Life is Naturally Sweet

Today’s post was written by VT Dietetic Students Emily Rowe, Justin Morello, Cassie Mitchell, and Kira Runkle.

Added sugars are not found naturally in foods; they are put into food or beverages when they are processed or prepared. The addition of these sugars increases the number of calories in a food or drink, but provides no health benefits. Eating or drinking too many added sugars is linked to health problems like weight gain, diabetes, and heart disease.

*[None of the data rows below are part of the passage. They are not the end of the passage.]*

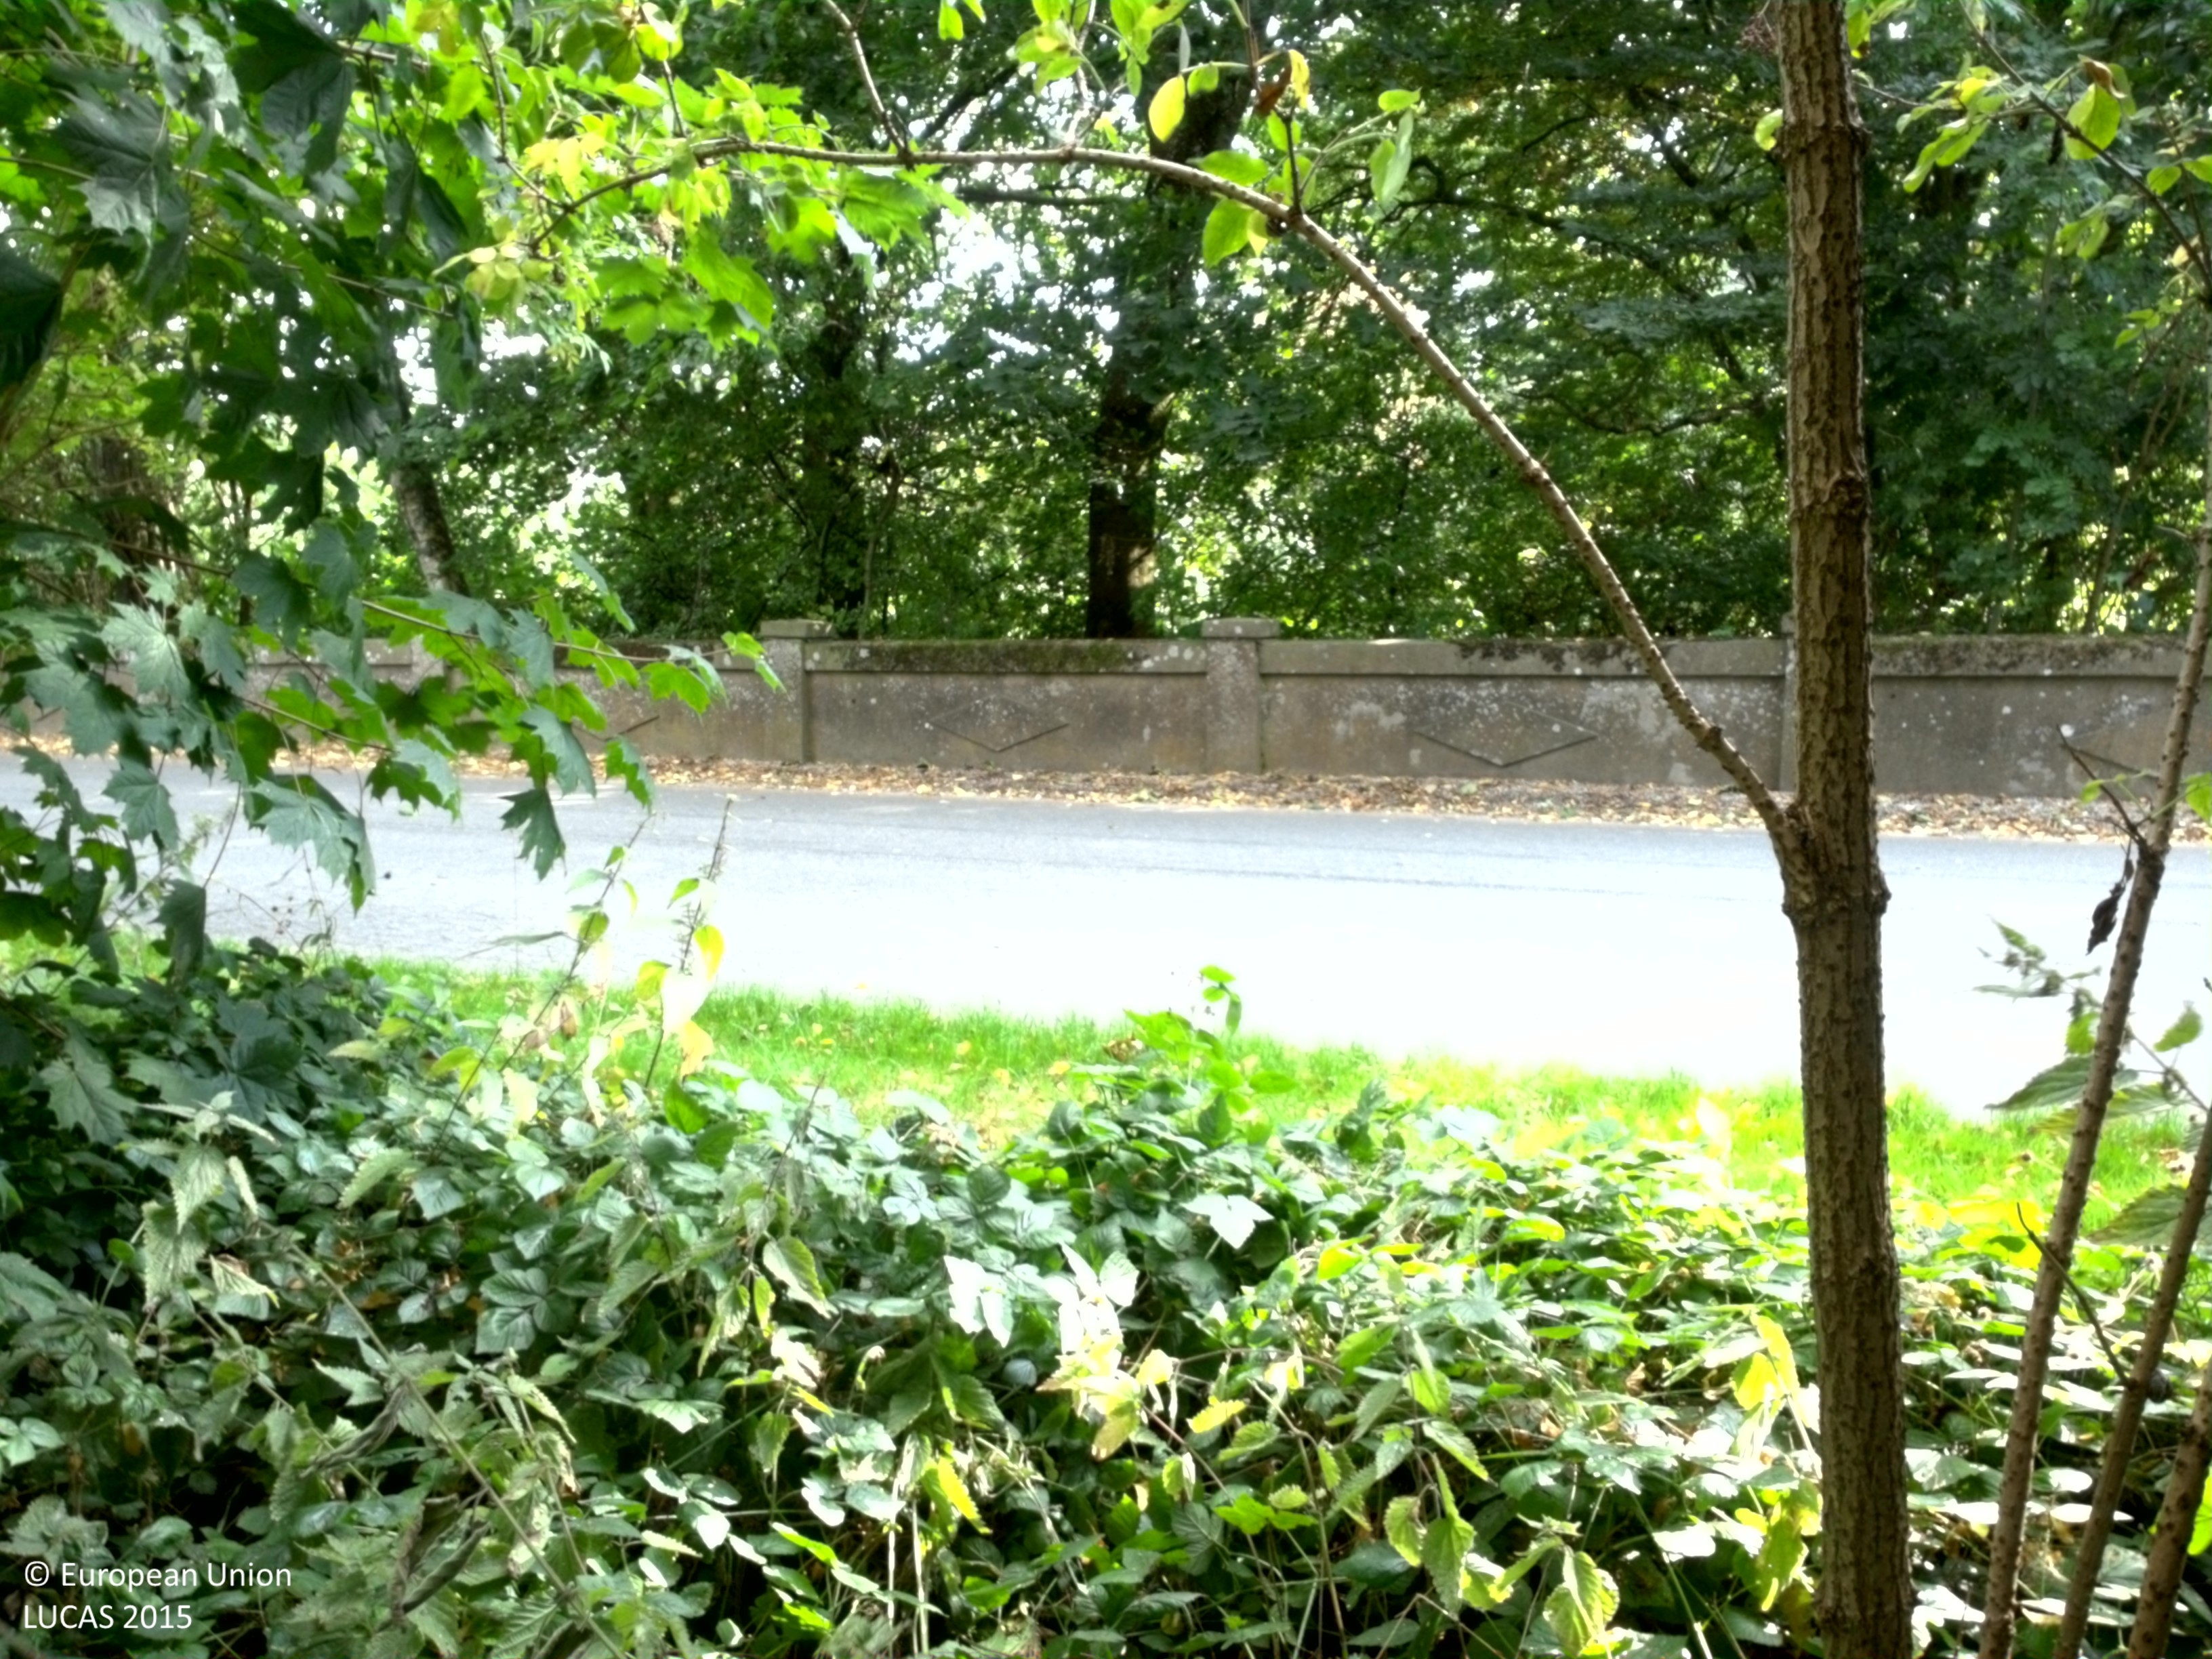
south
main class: Woodland
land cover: Broadleaved woodland
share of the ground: > 75 %
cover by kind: broadleaved forest trees 75 %, herbaceous plants 15 %, shrubs 10 %
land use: Residential
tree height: > 5 m
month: September
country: SE
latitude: 55.5262
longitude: 14.1649
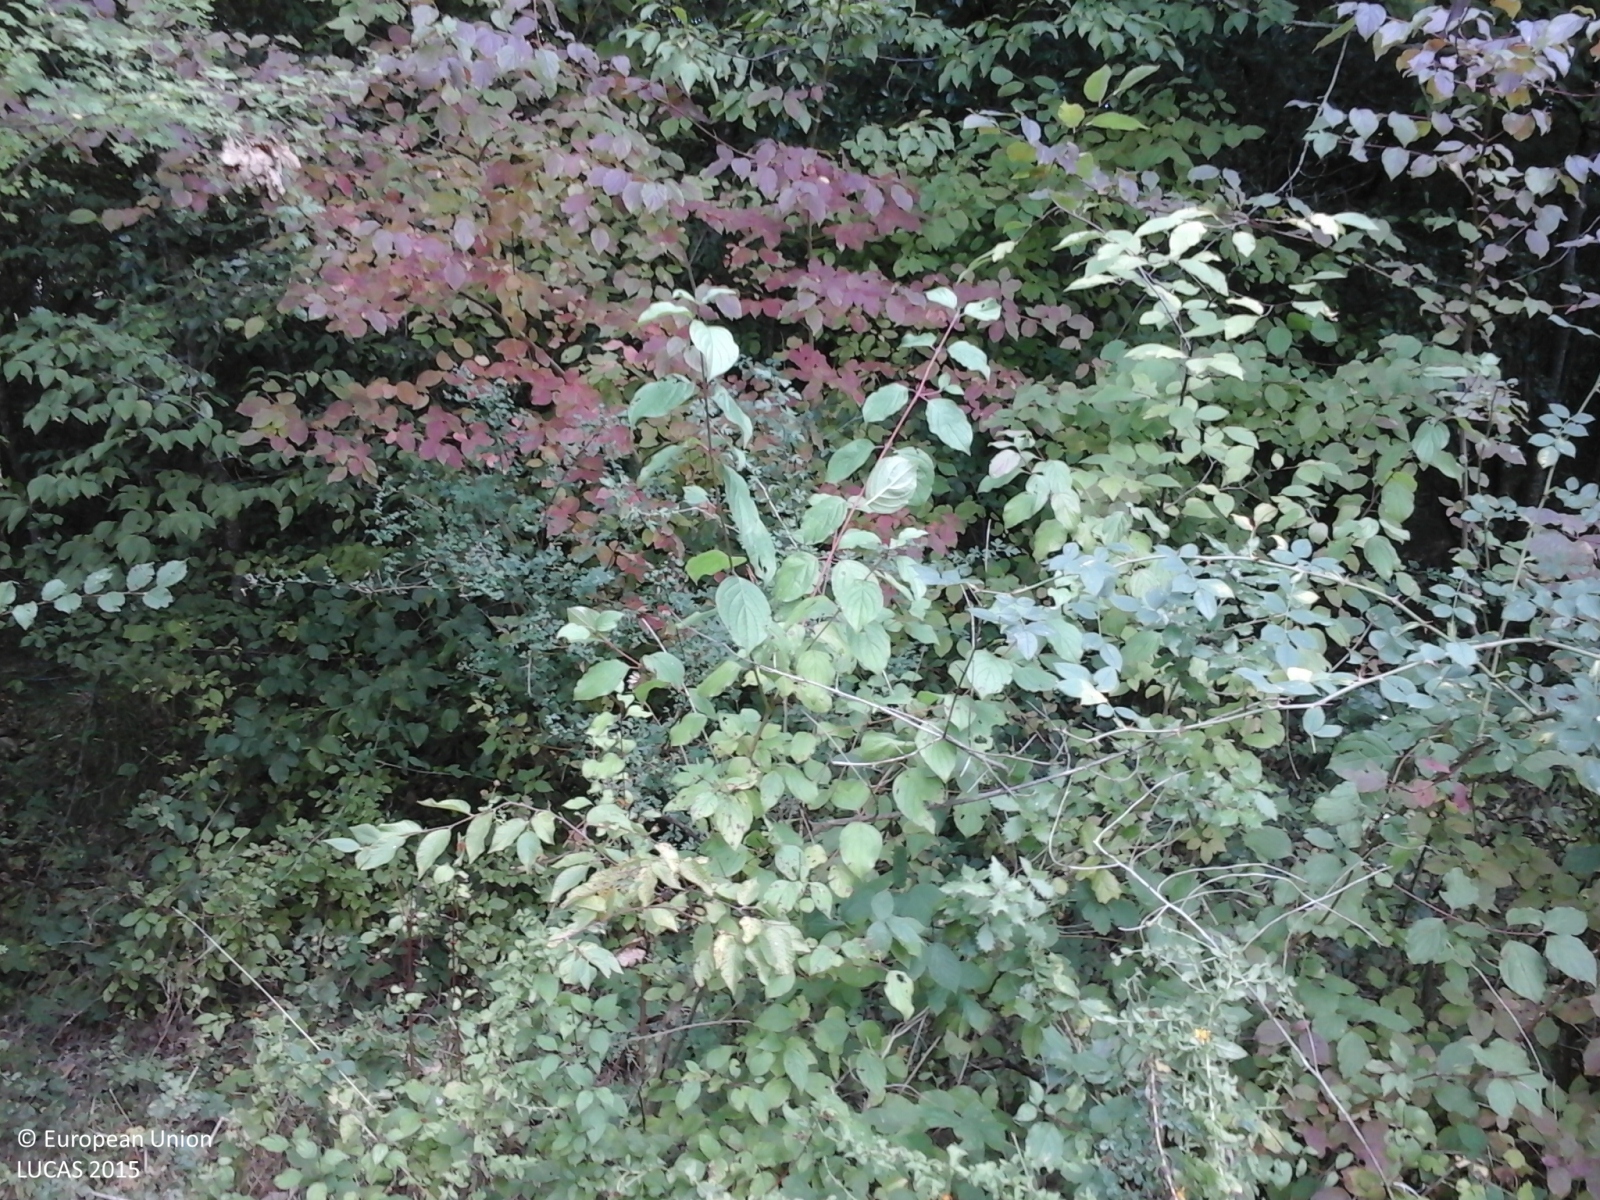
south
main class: Woodland
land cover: Broadleaved woodland
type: mesophytic deciduous forest
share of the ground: > 75 %
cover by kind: broadleaved forest trees 100 %
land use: Forestry
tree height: > 5 m
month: July
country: IT
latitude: 43.4982
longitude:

Reducing added sugar can help to:

  • Improve dental health
  • Improve sleep quality
  • Prevent Type 2 Diabetes, heart disease, and obesity
  • Manage weight

While some of the foods that contain added sugars are easy to spot, others are hidden in foods we eat every day! Foods with added sugars can include candies, sodas, baked goods, granola bars, cereals and sauces. Sources of added sugar are known by many names including corn syrup, honey, tapioca, dextrose, and fructose. Be sure to read the labels carefully before making a purchase.

The following are a list of My Plate, My Wins strategies and suggestions to help you reduce added sugar consumption in your everyday life.

“Taste has a huge influence on the foods and drinks I choose, so water can sometimes be hard to drink on its own. Instead of drinking sodas or juice, I simply add sliced fruit such as strawberries and oranges to a plain glass of water to enhance its flavor.”

“One of my biggest sources of added sugar intake is through the coffee I drink every morning and afternoon. I have now cut back on sugar by using artificial sweeteners instead. Occasionally I add unsweetened vanilla almond milk or plain skim milk for a splash of flavor!”

“I never realized how much added sugar is in many of my favorite snack foods. To cut back on the added sugar, I’ve started to make granola bars and trail mix with my own ingredients so I can control how much sugar is added. Peanuts, almonds, sunflower seeds and raisins make a great trail mix snack.”

“My family loves fruit, but we usually buy it canned to save money. I never realized how much sugar is in the syrups they are canned in. Now my family looks for fruit canned in water or 100% natural juices, and they taste just as great.”

What other ways have you cut back on added sugar in your family’s meals and snacks?